WORK TO COMPLETE => Copy all records exactly; omit pictures.

(INPUT DATA Opens)

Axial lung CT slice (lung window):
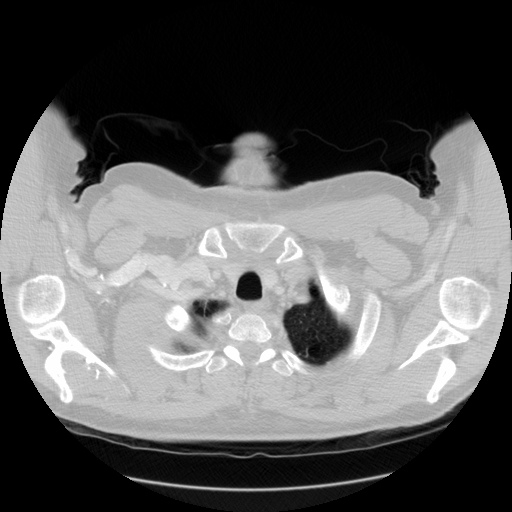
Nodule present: no
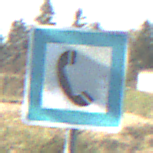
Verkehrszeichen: Fernsprecher
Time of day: MorningAfternoon
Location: Outdoor (Nature)
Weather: Clear
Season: NotSpecified
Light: Natural
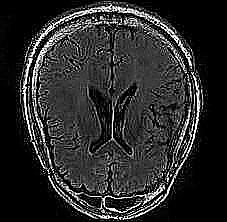
Label: notumor
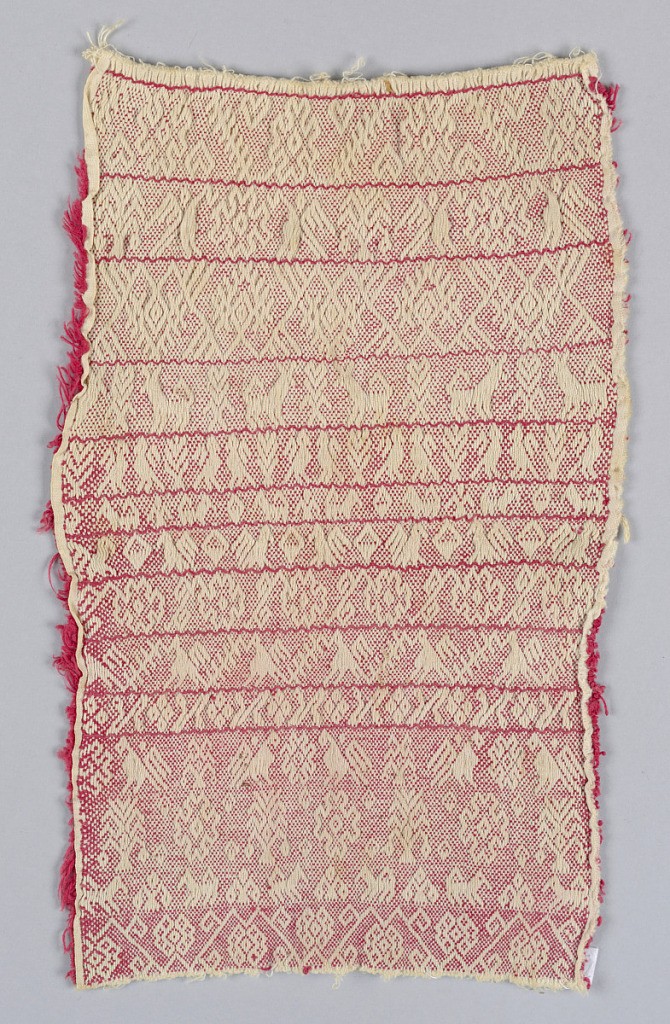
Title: Sampler
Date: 19th century
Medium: cotton Technique: embroidered in running stitch on plain weave foundation
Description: Tightly-worked smocking with eleven bands of pattern including animals, birds and geometric ornament in white on a red foundation fabric.
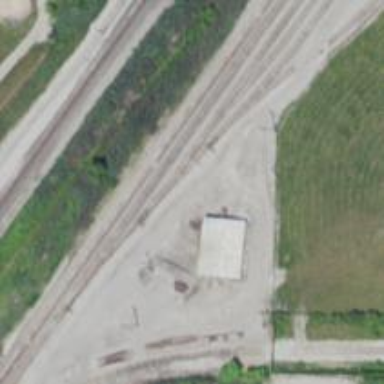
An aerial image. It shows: Railway yard in service.
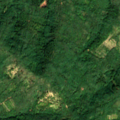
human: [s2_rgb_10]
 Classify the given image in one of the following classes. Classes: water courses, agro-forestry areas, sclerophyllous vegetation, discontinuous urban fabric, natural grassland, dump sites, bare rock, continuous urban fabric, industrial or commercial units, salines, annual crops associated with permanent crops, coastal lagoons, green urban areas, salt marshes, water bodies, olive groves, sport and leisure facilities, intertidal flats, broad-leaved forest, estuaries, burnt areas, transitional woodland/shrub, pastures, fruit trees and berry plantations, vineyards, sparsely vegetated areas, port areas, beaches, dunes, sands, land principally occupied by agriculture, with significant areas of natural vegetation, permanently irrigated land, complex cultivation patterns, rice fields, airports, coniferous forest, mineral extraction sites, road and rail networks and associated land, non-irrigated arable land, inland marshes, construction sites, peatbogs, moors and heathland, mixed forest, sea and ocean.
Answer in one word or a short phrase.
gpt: complex cultivation patterns, broad-leaved forest
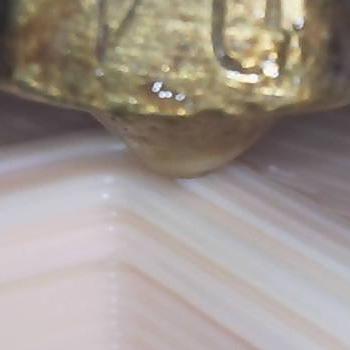
Flow rate: 59%
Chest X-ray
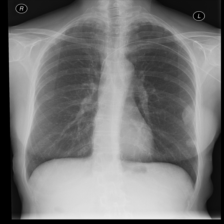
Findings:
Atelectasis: negative
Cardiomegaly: negative
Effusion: negative
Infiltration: positive
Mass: negative
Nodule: positive
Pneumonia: negative
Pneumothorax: negative
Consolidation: negative
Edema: negative
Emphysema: negative
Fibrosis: negative
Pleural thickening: negative
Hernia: negative
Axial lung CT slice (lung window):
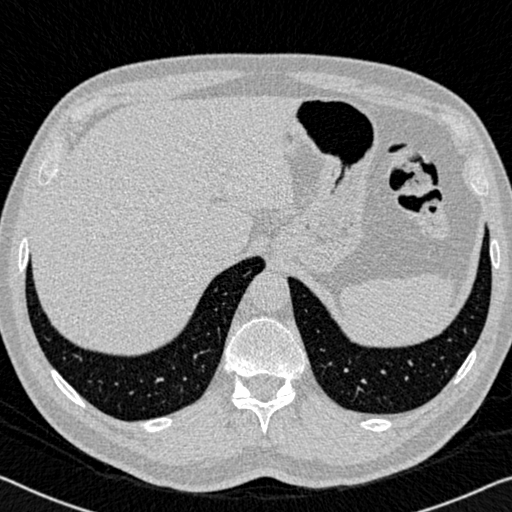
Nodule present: no

(INPUT DATA Closes)

WRITTEN ANSWER =>
Axial lung CT slice (lung window):
Nodule present: no
Verkehrszeichen: Fernsprecher
Time of day: MorningAfternoon
Location: Outdoor (Nature)
Weather: Clear
Season: NotSpecified
Light: Natural
Label: notumor
Title: Sampler
Date: 19th century
Medium: cotton Technique: embroidered in running stitch on plain weave foundation
Description: Tightly-worked smocking with eleven bands of pattern including animals, birds and geometric ornament in white on a red foundation fabric.
An aerial image. It shows: Railway yard in service.
human: [s2_rgb_10]
 Classify the given image in one of the following classes. Classes: water courses, agro-forestry areas, sclerophyllous vegetation, discontinuous urban fabric, natural grassland, dump sites, bare rock, continuous urban fabric, industrial or commercial units, salines, annual crops associated with permanent crops, coastal lagoons, green urban areas, salt marshes, water bodies, olive groves, sport and leisure facilities, intertidal flats, broad-leaved forest, estuaries, burnt areas, transitional woodland/shrub, pastures, fruit trees and berry plantations, vineyards, sparsely vegetated areas, port areas, beaches, dunes, sands, land principally occupied by agriculture, with significant areas of natural vegetation, permanently irrigated land, complex cultivation patterns, rice fields, airports, coniferous forest, mineral extraction sites, road and rail networks and associated land, non-irrigated arable land, inland marshes, construction sites, peatbogs, moors and heathland, mixed forest, sea and ocean.
Answer in one word or a short phrase.
gpt: complex cultivation patterns, broad-leaved forest
Flow rate: 59%
Chest X-ray
Findings:
Atelectasis: negative
Cardiomegaly: negative
Effusion: negative
Infiltration: positive
Mass: negative
Nodule: positive
Pneumonia: negative
Pneumothorax: negative
Consolidation: negative
Edema: negative
Emphysema: negative
Fibrosis: negative
Pleural thickening: negative
Hernia: negative
Axial lung CT slice (lung window):
Nodule present: no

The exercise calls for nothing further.